▶ Input material:
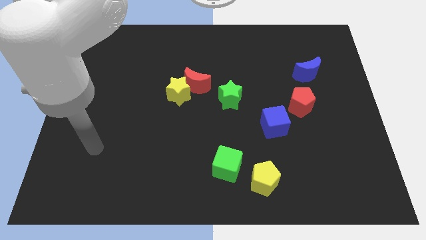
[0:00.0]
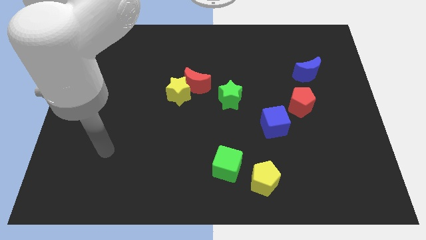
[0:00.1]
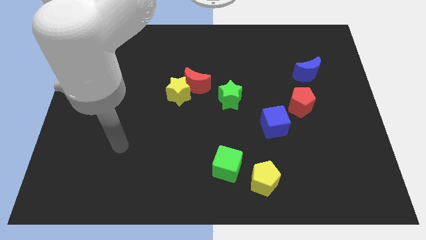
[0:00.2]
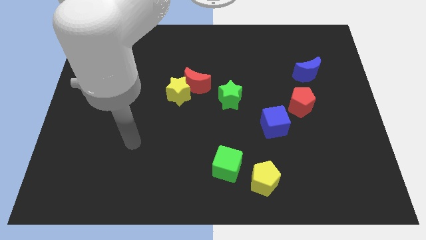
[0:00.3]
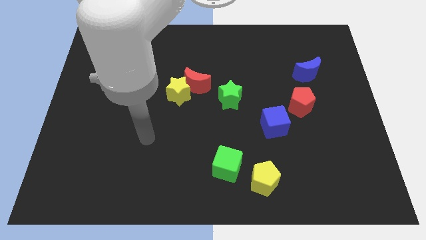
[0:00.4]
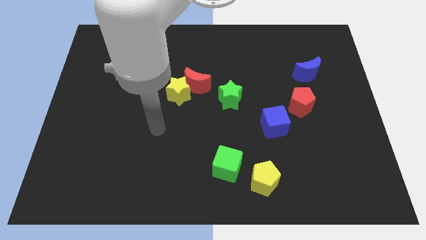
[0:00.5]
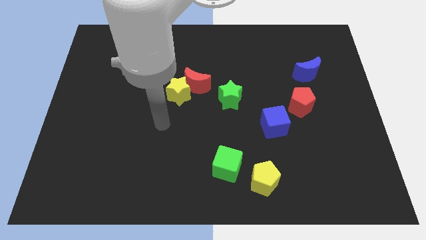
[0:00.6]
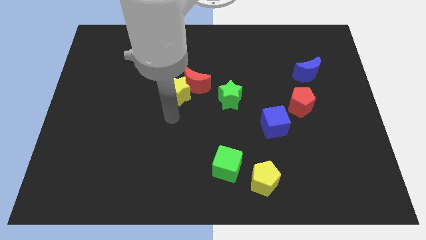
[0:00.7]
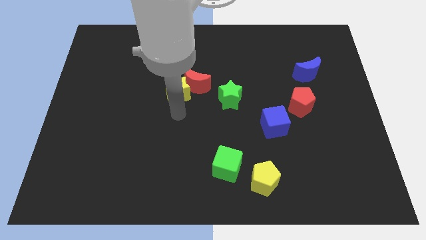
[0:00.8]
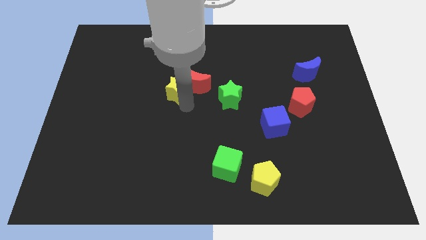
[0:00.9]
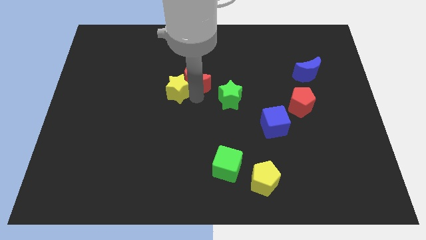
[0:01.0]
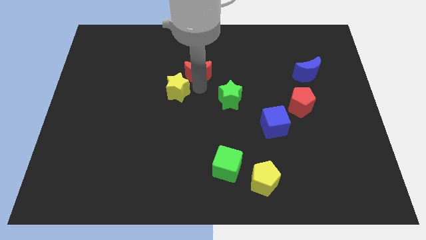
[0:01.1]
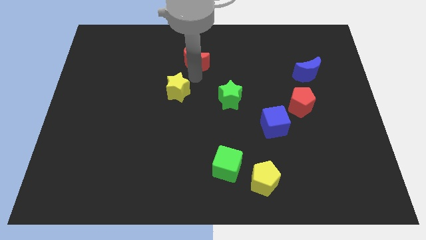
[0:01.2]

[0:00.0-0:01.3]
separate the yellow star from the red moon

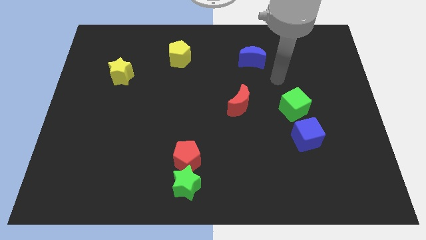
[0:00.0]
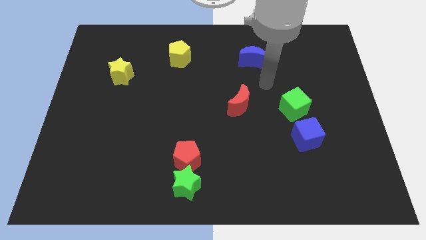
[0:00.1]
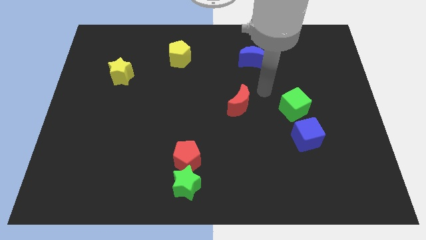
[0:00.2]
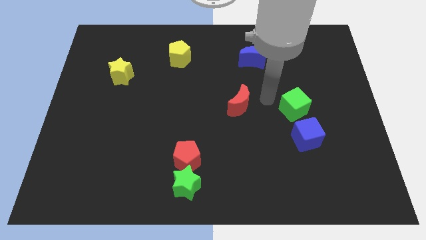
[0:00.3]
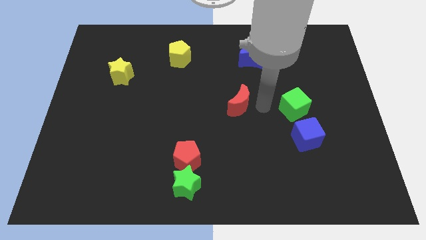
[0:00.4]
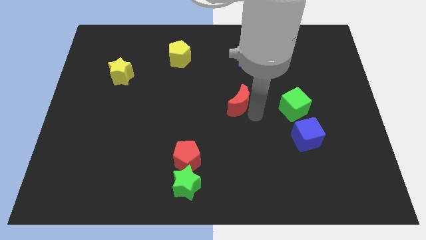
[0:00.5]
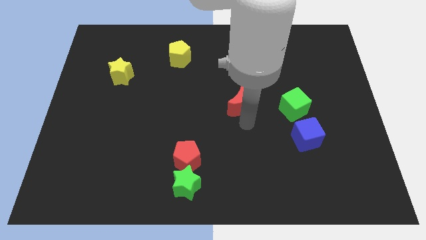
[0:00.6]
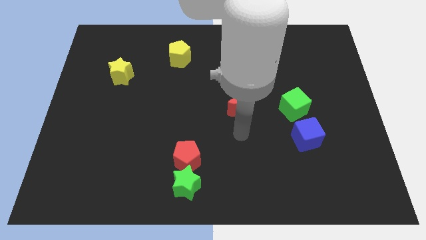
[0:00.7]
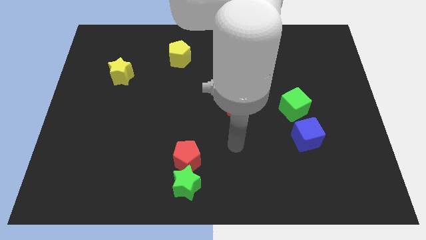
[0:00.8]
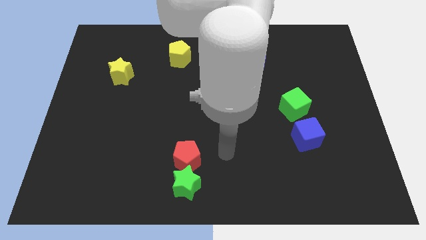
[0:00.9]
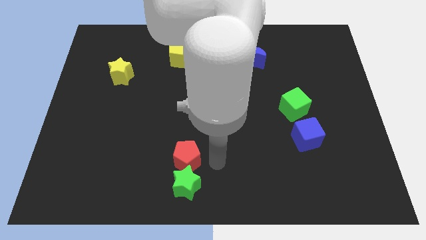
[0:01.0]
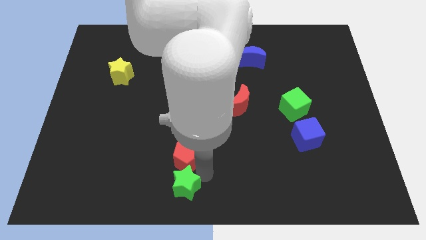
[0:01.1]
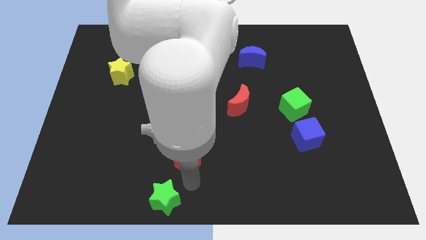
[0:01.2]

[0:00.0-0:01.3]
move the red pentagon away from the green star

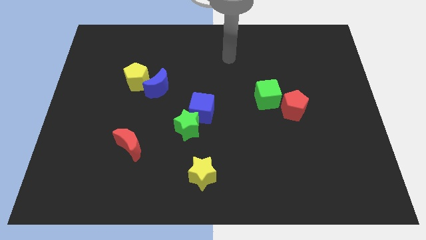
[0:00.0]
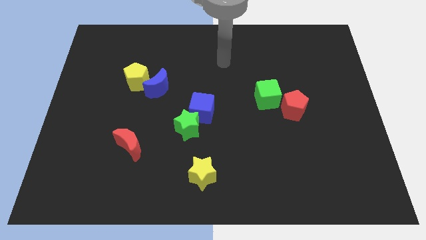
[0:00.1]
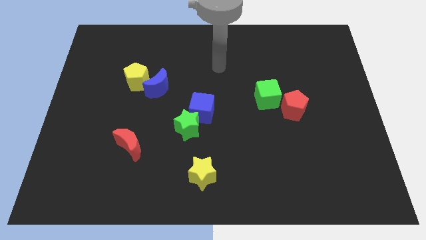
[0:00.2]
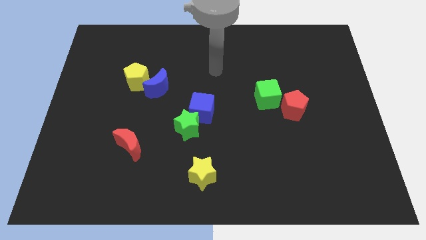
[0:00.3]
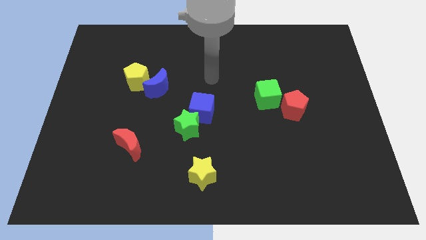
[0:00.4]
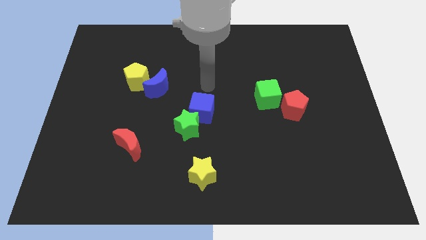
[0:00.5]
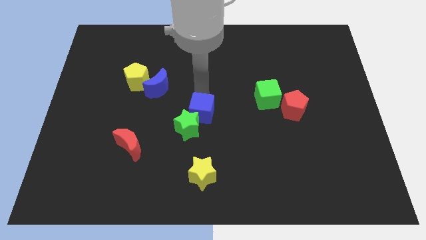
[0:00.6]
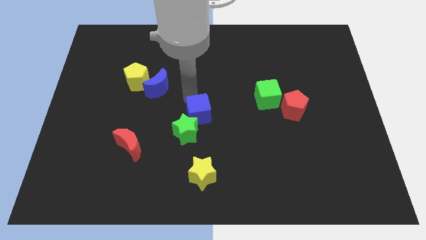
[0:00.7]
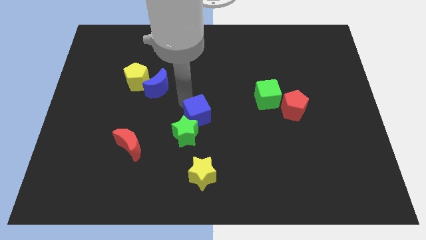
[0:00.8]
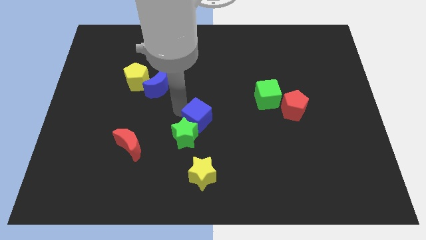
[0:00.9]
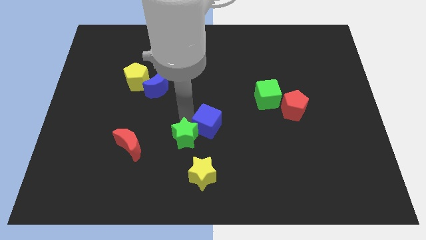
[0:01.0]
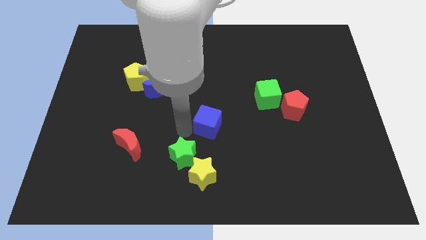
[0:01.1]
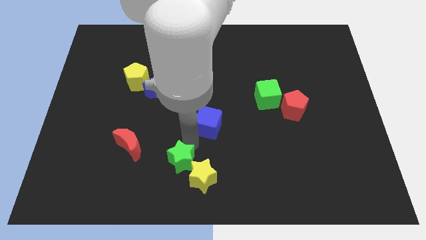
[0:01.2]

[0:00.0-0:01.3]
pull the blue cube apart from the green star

▶ Description of the task: If pictures appear in the data, omit them and copy all other parts exactly.

▶ The answer:
[0:00.0]
[0:00.1]
[0:00.2]
[0:00.3]
[0:00.4]
[0:00.5]
[0:00.6]
[0:00.7]
[0:00.8]
[0:00.9]
[0:01.0]
[0:01.1]
[0:01.2]

[0:00.0-0:01.3]
separate the yellow star from the red moon

[0:00.0]
[0:00.1]
[0:00.2]
[0:00.3]
[0:00.4]
[0:00.5]
[0:00.6]
[0:00.7]
[0:00.8]
[0:00.9]
[0:01.0]
[0:01.1]
[0:01.2]

[0:00.0-0:01.3]
move the red pentagon away from the green star

[0:00.0]
[0:00.1]
[0:00.2]
[0:00.3]
[0:00.4]
[0:00.5]
[0:00.6]
[0:00.7]
[0:00.8]
[0:00.9]
[0:01.0]
[0:01.1]
[0:01.2]

[0:00.0-0:01.3]
pull the blue cube apart from the green star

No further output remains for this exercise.